Ma ti rendi conto che più del 40% degli operai francesi e più del 30% degli impiegati delle imprese private e la grande maggioranza dei giovani  fra i 18 e i 24 anni hanno votato Le Pen? Qualcosa vorrà pur dire – dove li trovi tu quei militanti pacifisti ed europeisti sui quali fai un affidamento decisivo? Non li trovo ma li costruisco, come sempre è avvenuto nelle grandi imprese dei movimenti democratici. Certo è che è impossibile trovarli negli attuali partiti. Destra e sinistra quasi si equivalgono, i dirigenti son peggio dei militanti. È per questo che, negli ultimi anni, l’iniziativa di una “coalizione” ci è sembrata costruttiva. Essa proponeva infatti di costruire contropotere al di fuori dei partiti esistenti, traendo fuori una nuova militanza dai movimenti e dai sindacati, dalle forze del volontariato e da quelle intellettuali e della scuola – e formandola nell’esercizio di contropotere. Lo strappo dal sistema della rappresentanza, oggi necessario, e, contemporaneamente la “verticalizzazione”  dei movimenti potevano rispondere all’esigenza di innovazione che la resistenza al fascismo e la lotta costituente per una nuova Unione Europea oggi richiedono.
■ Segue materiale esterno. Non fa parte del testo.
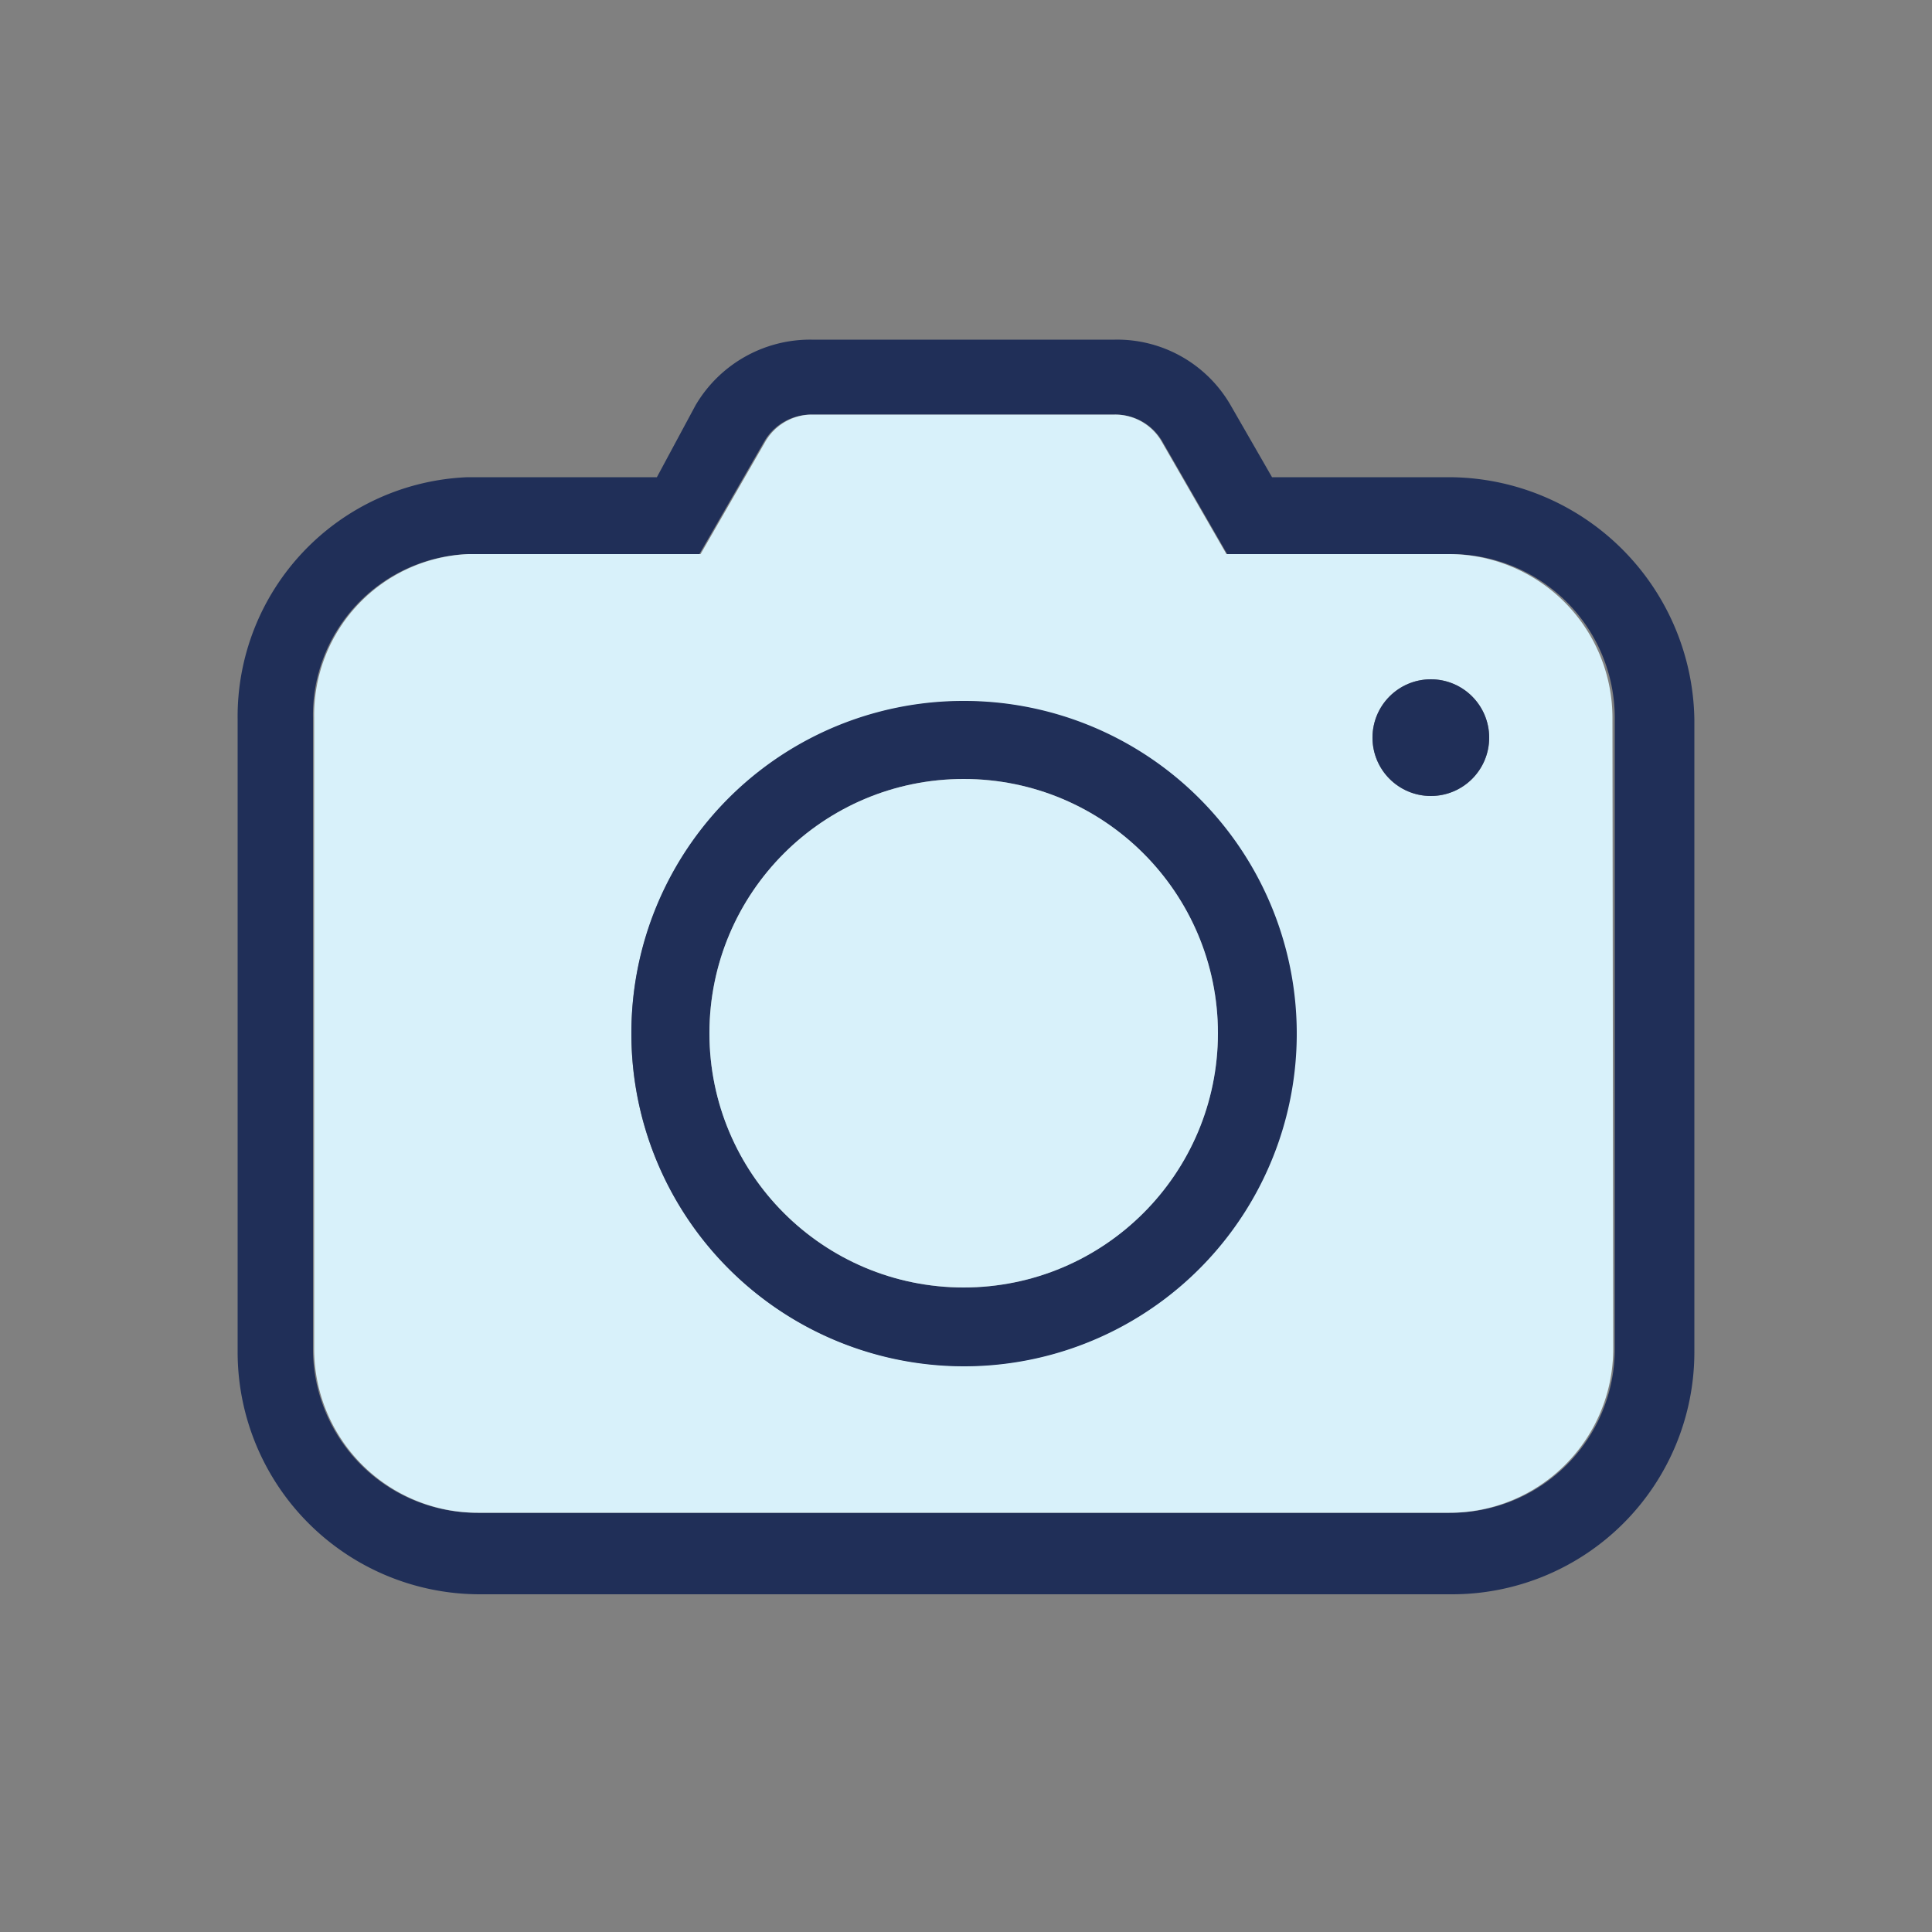 <svg id="Layer_1" data-name="Layer 1" xmlns="http://www.w3.org/2000/svg" viewBox="0 0 50 50"><rect x="0" y="0" width="50" height="50" fill="#808080" stroke="none"/><defs><style>.cls-1{fill:#202f58;}.cls-2{fill:#d8f1fa;}</style></defs><title>0camera</title><g id="_Group_" data-name="&lt;Group&gt;"><path class="cls-1" d="M43.85,18.62V35a6.27,6.27,0,0,1-6.26,6.26H12.41A6.27,6.27,0,0,1,6.15,35V18.62a6.2,6.2,0,0,1,5.95-6.27H17L18,10.49a3.44,3.44,0,0,1,3-1.7h7.85a3.39,3.39,0,0,1,3,1.7l1.07,1.86h4.6A6.37,6.37,0,0,1,43.85,18.62ZM41.79,34.91h0V18.58a4.24,4.24,0,0,0-4.24-4.24H31.76l-1.67-2.9a1.39,1.39,0,0,0-1.22-.71H21a1.4,1.4,0,0,0-1.23.71l-1.67,2.9h-6a4.17,4.17,0,0,0-4,4.24V34.91a4.24,4.24,0,0,0,4.24,4.24H37.55A4.24,4.24,0,0,0,41.79,34.91Z"/><path class="cls-2" d="M41.75,34.91h0a4.24,4.24,0,0,1-4.24,4.24H12.37a4.24,4.24,0,0,1-4.24-4.24V18.58a4.17,4.17,0,0,1,4-4.24h6l1.67-2.9A1.4,1.4,0,0,1,21,10.73h7.85a1.39,1.39,0,0,1,1.22.71l1.67,2.9h5.75a4.24,4.24,0,0,1,4.24,4.24ZM38.54,19.09A1.51,1.51,0,1,0,37,20.6,1.51,1.51,0,0,0,38.54,19.09Zm-5,7.65a8.6,8.6,0,1,0-8.6,8.61A8.59,8.59,0,0,0,33.54,26.74Z"/><circle class="cls-1" cx="37.03" cy="19.09" r="1.51"/><path class="cls-1" d="M24.94,18.14a8.61,8.61,0,1,1-8.6,8.6A8.59,8.59,0,0,1,24.94,18.14Zm6.58,8.6a6.58,6.58,0,1,0-6.58,6.58A6.59,6.59,0,0,0,31.52,26.74Z"/><circle class="cls-2" cx="24.94" cy="26.74" r="6.58"/></g></svg>

Solo questo punto di vista – ed una decisione conseguente – permette di accostare e di organizzare quelle popolazioni produttive che oggi vivono dentro/fuori le strutture del controllo capitalista – giovani richiedenti impiego, disoccupati, migranti, lavoro precario…  ed anche di reinserire nel dibattito e nell’azione politica quel proletariato intellettuale che soffre continue umiliazioni nella scuola e nell’imprese della conoscenza, nei servizi internettiani e in quelli della comunicazione. Tu chiedi: perché mai allora, se il progetto era così evidente, il processo costitutivo della “coalizione” si è arrestato? Non credo perché nella sinistra stiano proliferando nuovi inutili partitini e neppure perché l’attrazione dei parlamentini metropolitani si è rivelata irresistibile. È avvenuto perché le condizioni non son sembrate mature ed i rischi da correre, per il sindacato ed il volontariato, maggiori di quanto richiesto da una ragionevole scommessa. Ma vogliamo davvero aspettare anche in Italia di avere Salvini al governo? Oppure i soldati italiani rinnovare in Libia i fasti del generale Graziani? Perché non vogliamo riconoscere che queste evenienze sono anche in Italia prossime?

 

So che su queste conclusioni concordi – ma i tuoi dubbi sulle premesse e i mezzi di questi discorsi permangono. Malgrado mi sia sforzato di trovare argomenti convincenti, riconosco realismo nei tuoi dubbi. Ti confesso che anche io son molto confuso. Eppure! Hai presente quegli spettacoli sportivi dove atleti alzano pesi sempre maggiori? Bon, c’è una sosta fra il levare dal basso ed il sollevare in alto quel fardello. È questa sosta che va superata, è questo l’intervallo sul quale portare la nostra attenzione. Un intervallo da coprire. Ma come? Ne abbiamo già parlato a lungo e ci siamo prima di tutto detti che non siamo soli. In tutta Europa ci son forze che la pensano come noi. Vogliono chiudere Schengen ma non riusciranno a bloccare quel flusso di collegamenti, di scambi di opinione, di circolazione di idee che ormai si è costruito in Europa. I grandi esempi del M15 spagnolo e del referendum greco han circolato in Europa come segni di sollevamento. Non è a caso che è nata l’idea di costruire uno strumento comunicativo, plurilinguistico, che possa sostenere il peso dell’incontro di contropoteri e della formazione di un movimento costituente. Questa impresa è oggi necessaria. Come sempre alle grandi sconfitte – perché questa, del risorgente fascismo europeo, è una sconfitta, si risponde con iniziative all’altezza dell’impegno che ci si propone. La costruzione di uno strumento di comunicazione e di elaborazione su livello europeo è necessaria. Una prima, minuscola eppure, se vogliamo, potente voce per dire “resistenza” contro il fascismo e “diserzione” contro la guerra.

 

 Immagine di Sandro Moretti.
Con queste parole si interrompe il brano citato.